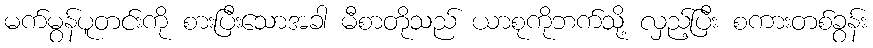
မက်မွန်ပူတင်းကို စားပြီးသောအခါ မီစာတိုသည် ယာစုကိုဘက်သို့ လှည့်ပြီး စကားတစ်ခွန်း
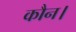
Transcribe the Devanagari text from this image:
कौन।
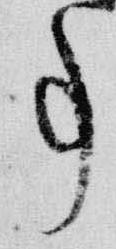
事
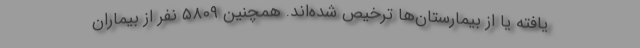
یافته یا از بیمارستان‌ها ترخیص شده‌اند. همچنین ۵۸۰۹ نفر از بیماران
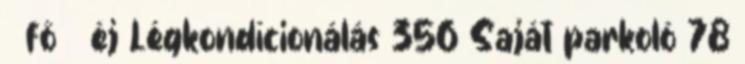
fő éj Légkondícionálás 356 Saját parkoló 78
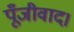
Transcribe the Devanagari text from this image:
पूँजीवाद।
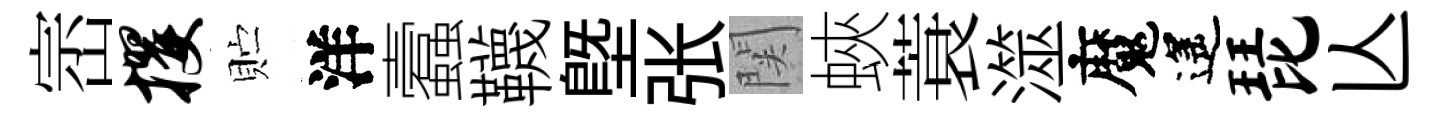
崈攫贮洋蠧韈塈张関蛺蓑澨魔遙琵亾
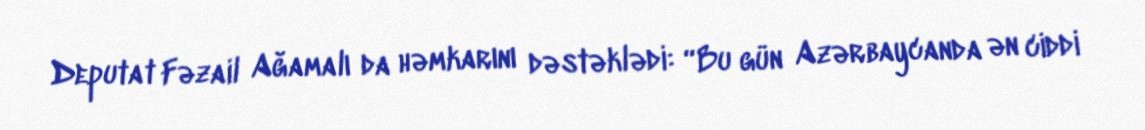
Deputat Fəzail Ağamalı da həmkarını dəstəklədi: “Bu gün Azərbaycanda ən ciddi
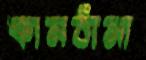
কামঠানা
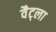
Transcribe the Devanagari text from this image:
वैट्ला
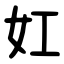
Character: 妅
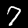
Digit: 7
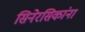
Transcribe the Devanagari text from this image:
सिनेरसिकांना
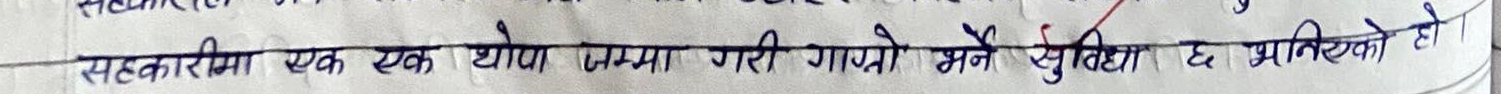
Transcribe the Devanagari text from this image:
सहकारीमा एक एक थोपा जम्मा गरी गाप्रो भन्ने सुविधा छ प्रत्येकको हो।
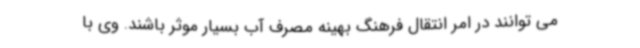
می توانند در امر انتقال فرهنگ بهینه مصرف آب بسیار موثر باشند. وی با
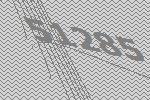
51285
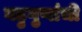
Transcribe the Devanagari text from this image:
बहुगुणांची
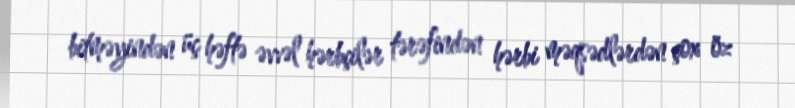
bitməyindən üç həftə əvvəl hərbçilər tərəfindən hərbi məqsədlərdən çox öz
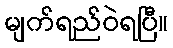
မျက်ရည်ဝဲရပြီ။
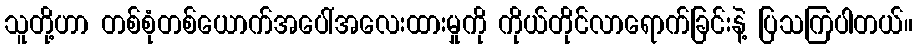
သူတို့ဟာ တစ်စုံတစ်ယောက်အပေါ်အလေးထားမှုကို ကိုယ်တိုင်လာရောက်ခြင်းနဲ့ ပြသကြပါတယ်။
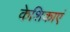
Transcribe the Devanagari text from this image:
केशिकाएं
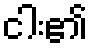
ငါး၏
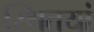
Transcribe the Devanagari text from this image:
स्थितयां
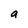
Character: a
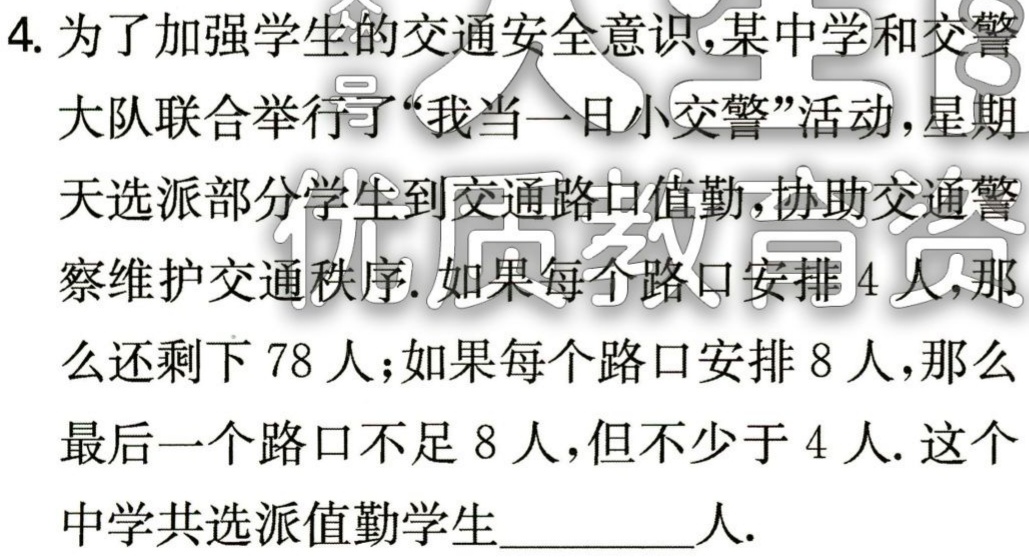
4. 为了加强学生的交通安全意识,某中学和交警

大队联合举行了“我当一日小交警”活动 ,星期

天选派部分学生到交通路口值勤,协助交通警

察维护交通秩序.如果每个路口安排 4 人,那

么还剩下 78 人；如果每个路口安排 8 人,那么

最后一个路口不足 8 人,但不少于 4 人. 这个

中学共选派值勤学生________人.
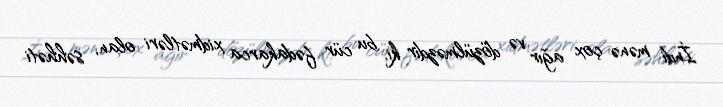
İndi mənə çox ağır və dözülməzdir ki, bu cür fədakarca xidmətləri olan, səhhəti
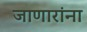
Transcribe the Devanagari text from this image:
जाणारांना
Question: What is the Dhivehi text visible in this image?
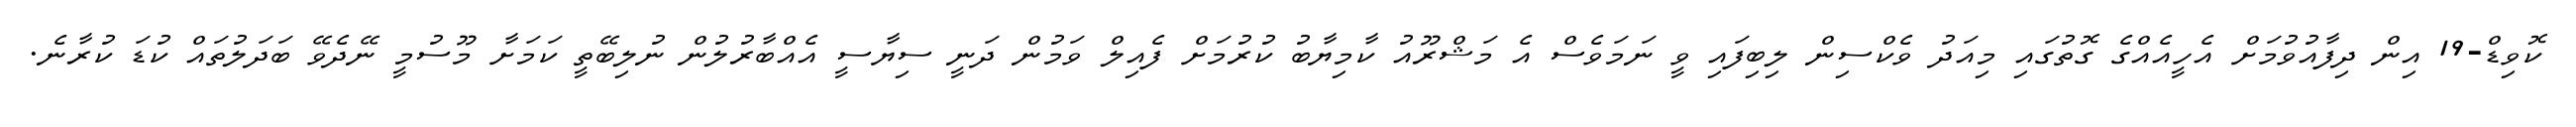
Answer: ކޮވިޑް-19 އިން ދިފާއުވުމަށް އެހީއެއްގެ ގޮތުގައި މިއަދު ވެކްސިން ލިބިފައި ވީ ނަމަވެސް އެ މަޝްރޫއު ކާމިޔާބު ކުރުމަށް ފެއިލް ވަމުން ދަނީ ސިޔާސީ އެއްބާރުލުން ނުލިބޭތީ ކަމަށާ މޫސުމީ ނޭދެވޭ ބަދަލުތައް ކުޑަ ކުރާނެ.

Instructions for the task: Write out, exactly as they stand, the line with "Question: What is" and every line after it through the end of the entries above; omit the pictures.

Output for this task:
Question: What is the Dhivehi text visible in this image?
Answer: ކޮވިޑް-19 އިން ދިފާއުވުމަށް އެހީއެއްގެ ގޮތުގައި މިއަދު ވެކްސިން ލިބިފައި ވީ ނަމަވެސް އެ މަޝްރޫއު ކާމިޔާބު ކުރުމަށް ފެއިލް ވަމުން ދަނީ ސިޔާސީ އެއްބާރުލުން ނުލިބޭތީ ކަމަށާ މޫސުމީ ނޭދެވޭ ބަދަލުތައް ކުޑަ ކުރާނެ.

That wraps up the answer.